I have noticed that this code is very slow for large input lists. Is there any way to optimize this algorithm or even use another algorithm that is better suited to find the longest ascending subsequence in a large list of integers? I am open to any ideas to improve the running time and memory requirements. Thanks in advance!

You can find the longest increasing subsequence in O(n log n) time with an approach that combines dynamic programming (your current approach) with binary search (in this case via the <code>bisect.<b>bisect_left</b></code> method):

import bisect

def longest_increasing_subsequence(nums: list[int]) -> list[int]:
    if not nums:
        return []
    piles = []
    indices = [0 for _ in range(len(nums))]
    predecessors = [None for _ in range(len(nums))]
    for i, num in enumerate(nums):
        pile = bisect.bisect_left(piles, num)
        if pile == len(piles):
            piles.append(num)
        else:
            piles[pile] = num
        indices[pile] = i
        predecessors[i] = indices[pile - 1] if pile else None
    last_index = indices[len(piles) - 1]
    longest_subsequence = []
    while last_index is not None:
        longest_subsequence.append(nums[last_index])
        last_index = predecessors[last_index]
    return longest_subsequence[::-1]

Example Usage:

>>> longest_increasing_subsequence([10, 9, 2, 5, 3, 7, 101, 18])
[2, 3, 7, 18]
>>> longest_increasing_subsequence([0, 1, 0, 3, 2, 3])
[0, 1, 2, 3]
>>> longest_increasing_subsequence([7, 7, 7, 7, 7, 7])
[7]

As said above, your solution is in quadratic time complexity. However according to wikipedia the optimal solution can be found in O(n log(n)) time complexity.

I fixed a code I found here to get a function that runs in optimal time complexity and I tested that the results are consistent with your original function:

# Binary search
def GetCeilIndex(arr, T, l, r, key):
    while r - l > 1:
        m = l + (r - l) // 2
        if arr[T[m]] >= key:
            r = m
        else:
            l = m

    return r


def LongestIncreasingSubsequence(arr):
    n = len(arr)

    # Initialized with 0
    tailIndices = [0 for i in range(n + 1)]

    # Initialized with -1
    prevIndices = [-1 for i in range(n + 1)]

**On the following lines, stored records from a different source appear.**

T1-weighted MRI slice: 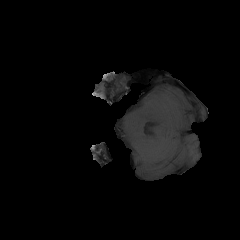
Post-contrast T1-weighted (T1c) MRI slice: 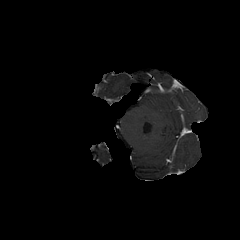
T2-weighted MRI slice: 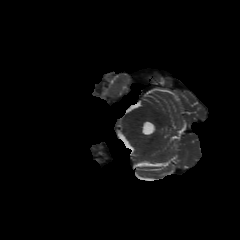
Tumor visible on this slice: no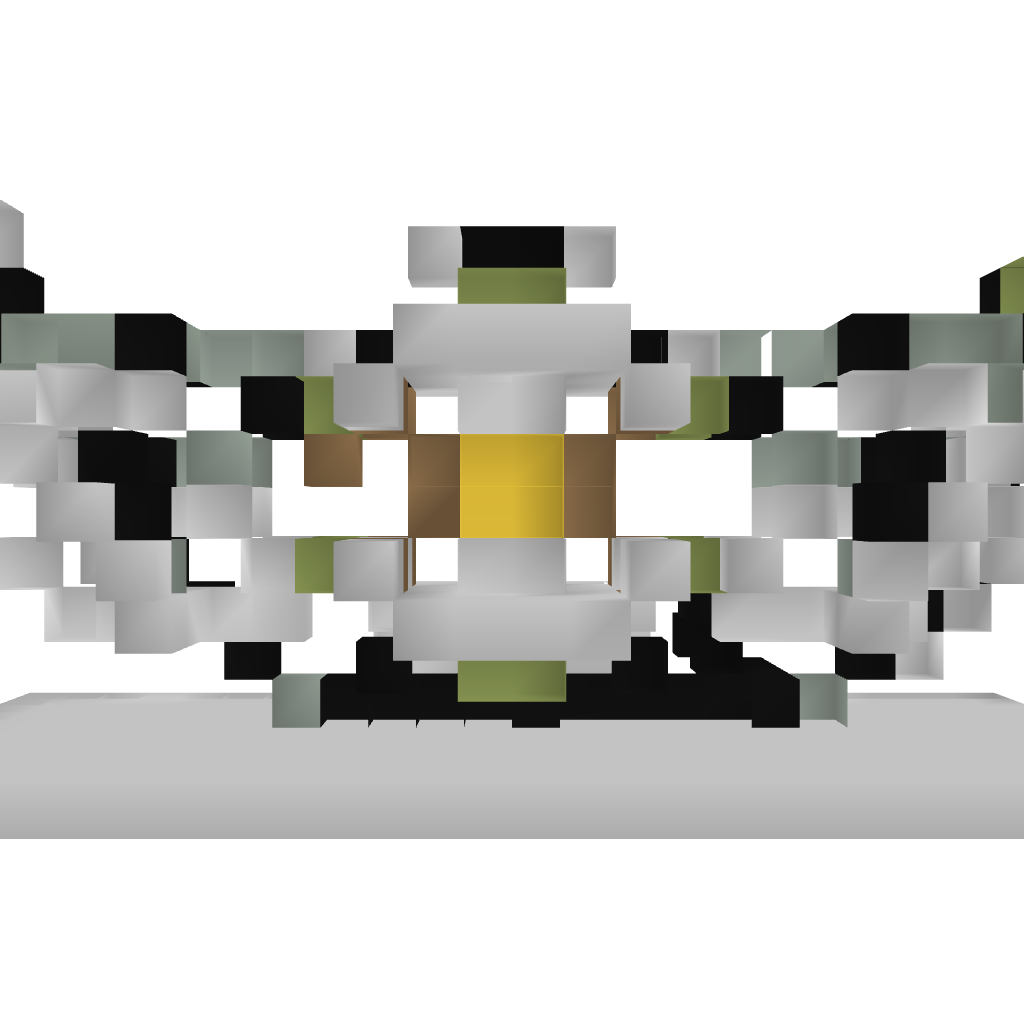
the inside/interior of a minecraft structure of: Door 4x4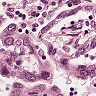
Metastatic tissue present: yes
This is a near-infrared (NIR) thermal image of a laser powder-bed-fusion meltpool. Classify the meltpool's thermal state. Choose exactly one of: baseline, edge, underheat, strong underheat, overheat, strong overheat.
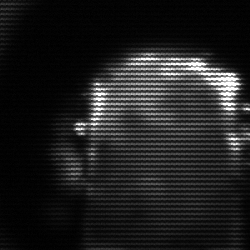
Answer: baseline
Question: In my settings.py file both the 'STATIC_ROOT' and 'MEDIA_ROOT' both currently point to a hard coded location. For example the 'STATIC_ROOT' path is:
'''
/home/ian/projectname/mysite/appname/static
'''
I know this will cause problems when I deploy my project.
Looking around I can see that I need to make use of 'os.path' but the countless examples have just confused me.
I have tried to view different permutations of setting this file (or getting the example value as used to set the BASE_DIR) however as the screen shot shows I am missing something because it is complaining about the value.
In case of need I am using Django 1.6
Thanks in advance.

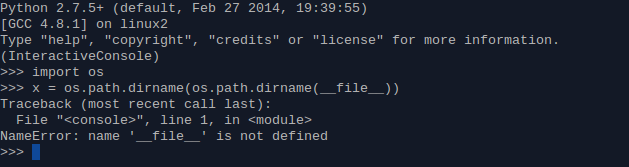
Answer: Firstly, you are receiving this error as a result of appending the '__file__' in interactive shell:
'''
NameError: name '__file__' is not defined
'''
The shell doesn't detect the current file path in '__file__' as it relates to your 'filepath' in which you added this line. To work, for example, you will need to include this in 'file.py':
'''
os.path.join(os.path.dirname(__file__))
'''
Then, run this from the command line:
'''
python file.py
'''
This is because '__file__' relates to whatever the 'filepath' of 'file.py' is.
In the case of 'settings.py', use this to get the root directory of your Django project:
'''
BASE_DIR = os.path.dirname(os.path.dirname(__file__))
'''
You can then use 'os.path.join()' to join other relative paths, such as:
'''
STATIC_ROOT = os.path.join(BASE_DIR, 'static')
TEMPLATE_DIRS = os.path.join(BASE_DIR, 'templates')
'''
For more information on how to lay out your Django project directory, read this: <URL>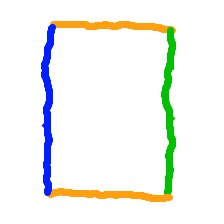
Shape: rectangle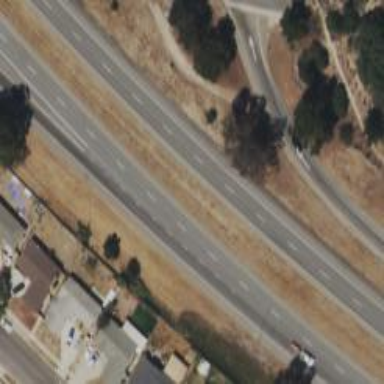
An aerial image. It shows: Expressway with asphalt surface classified as trunk highway.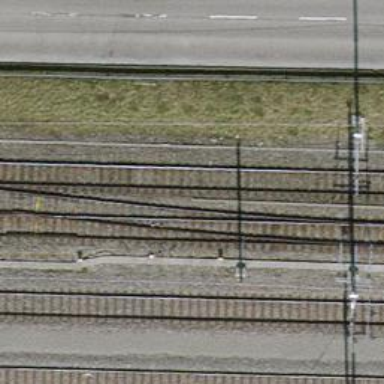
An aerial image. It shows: Single railway track with electrification through contact line.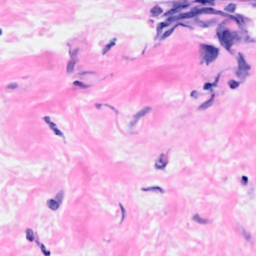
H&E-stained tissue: Breast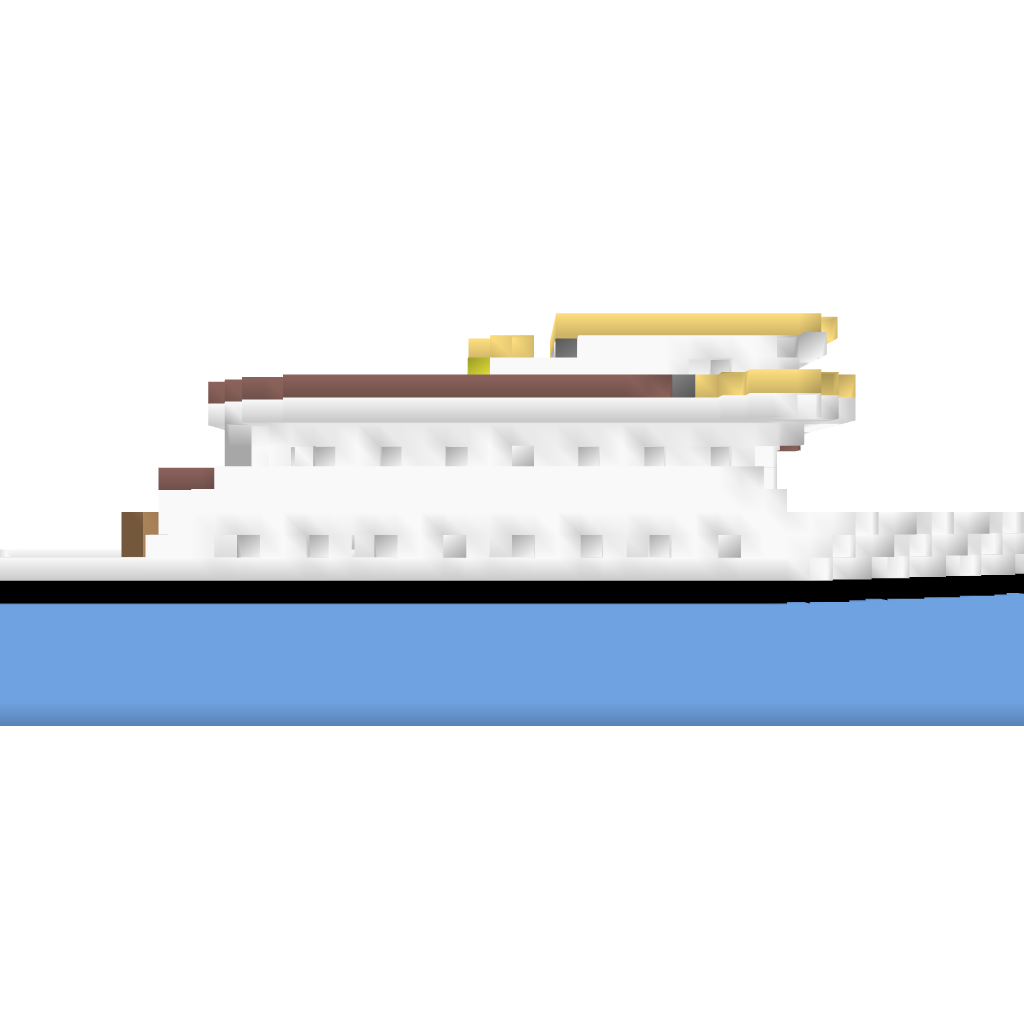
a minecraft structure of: Medium Sized Ship good quality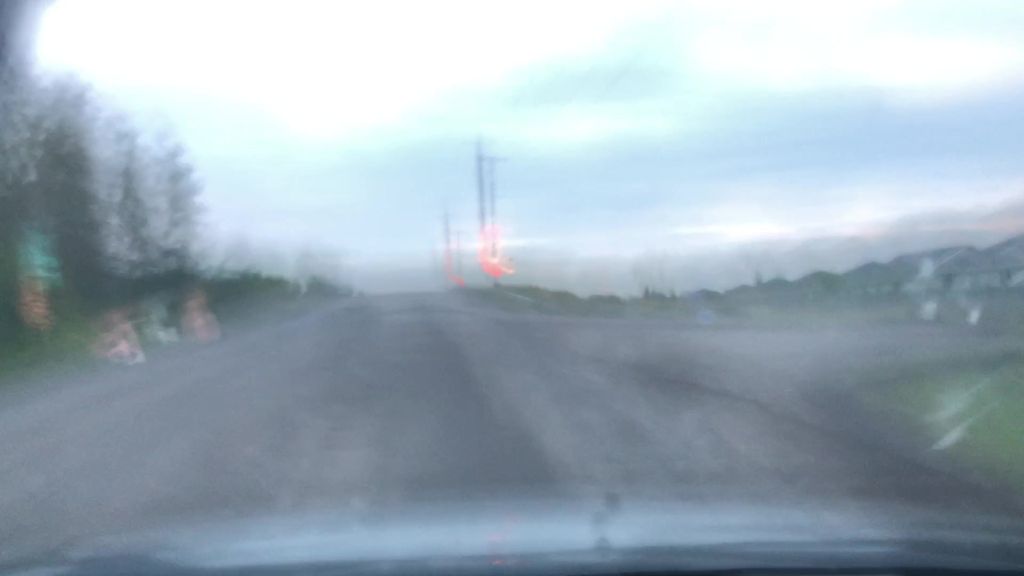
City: edmonton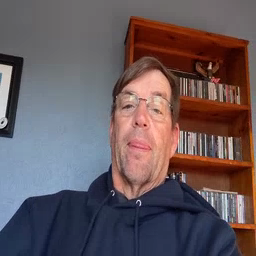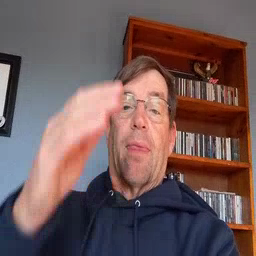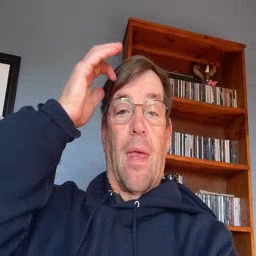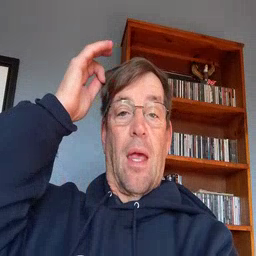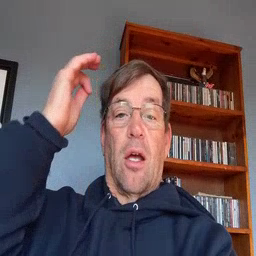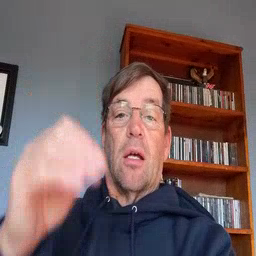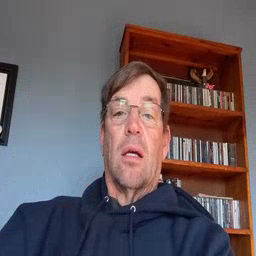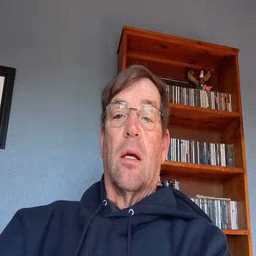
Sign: hair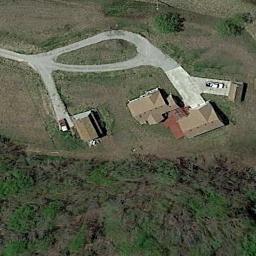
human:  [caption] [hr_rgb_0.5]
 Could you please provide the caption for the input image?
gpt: There are several houses of different sizes and many withered trees in the sparse residential area, And there are two roads surrounded by open spaces .

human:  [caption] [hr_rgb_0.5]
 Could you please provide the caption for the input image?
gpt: There are many trees beside the sparse residential .

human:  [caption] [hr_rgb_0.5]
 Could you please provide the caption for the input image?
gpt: The sparse residential is on the bare land next to some trees and a road .

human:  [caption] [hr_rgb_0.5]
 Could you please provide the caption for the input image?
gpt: At the intersection of two roads, There are several sparse residences .

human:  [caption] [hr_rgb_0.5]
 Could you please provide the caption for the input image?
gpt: A sparse residential area with four buildings and some brown trees .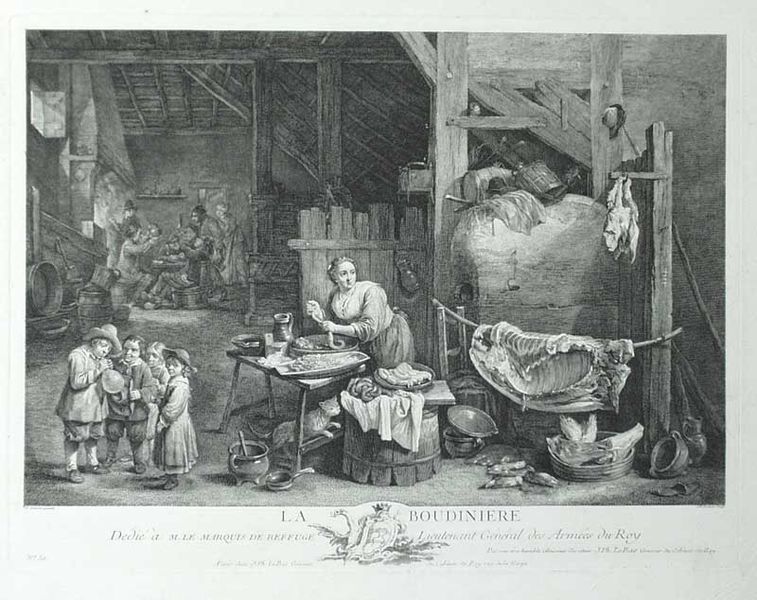
Titel: La boudiniere
Künstler: Jacques-Philippe Lebas
Standort: Karlsruhe
Institution: Staatliche Kunsthalle Karlsruhe
Schlagwörter: feuer, gemälde, gruppe, haut, mann, schatten, weiß, frauen, menschen, mädchen, sitzen, wäsche, fenster, frankreich, frau, grau, holz, hut, hüte, kleid, licht, männer, raum, schwarz, stroh, tisch, zeichnung, blick, dach, gebäude, haus, tier, tiere, tuch, leute, malerei, trinken, wand, schüssel, holland, innenraum, vieh, hütte, interieur, tücher, decke, familie, kind, mutter, arbeit, bauern, genre, kinder, landleben, ofen, schuppen, krug, schürze, topf, schrift, trocknen, jungen, bäuerin, heu, grafik, graphik, kuh, rind, bauernhof, hof, französisch, essen, spielen, balken, stopfen, junge, bauer, töpfe, fleisch, schinken, waschen, katze, fleischer, metzger, metzgerei, schlachten, schlachter, schlachterei, schwein, schweinehälfte, fetzen, buch, scheune, seil, rippen, geschirr, druck, druckgraphik, druckgrafik, radierung, stich, scharz, schwarzweiß, text, fass, genreszene, hausfrau, gravur, wanne, zuber, wappen, karte, küche, braten, köchin, werkstatt, krüge, wurst, würste, stall, fachwerk, ausnehmen, fässer, kochen, trinker, bottich, huhn, wnad, kupferstich, ochse, tiegel, tigel, zwerge, dachboden, innereien, kessel, speicher, gebälk, hühner, monster, blase, gerippe, pfanne, kruf, rippe, backofen, skelette, seifenblase, wäscherei, ballon, spiess, fra, füllen, darm, gedärme, kaugummi, luftballon, isch, gedärm, gefäse, metzgerin, schlachthaus, kindder, innerei, l, boudiniere, la, bauersfamilie, blutwurst, la boudiniere, böase, wurstmacherin, schlachten#, la bouedinière, wursst, frll, schlachterin, schninken, innerein, fleischerin, mändchen

    # it will always point
    # to empty location
    length = 1
    for i in range(1, n):
        if arr[i] < arr[tailIndices[0]]:
            # new smallest value
            tailIndices[0] = i

        elif arr[i] > arr[tailIndices[length - 1]]:
            # arr[i] wants to extend
            # largest subsequence
            prevIndices[i] = tailIndices[length - 1]
            tailIndices[length] = i
            length += 1

        else:
            # arr[i] wants to be a
            # potential condidate of
            # future subsequence
            # It will replace ceil
            # value in tailIndices
            pos = GetCeilIndex(arr, tailIndices, -1, length - 1, arr[i])

            prevIndices[i] = tailIndices[pos - 1]
            tailIndices[pos] = i

    res = []
    i = tailIndices[length - 1]
    while len(res) < length:
        res.append(arr[i])
        i = prevIndices[i]
    res.reverse()

    return res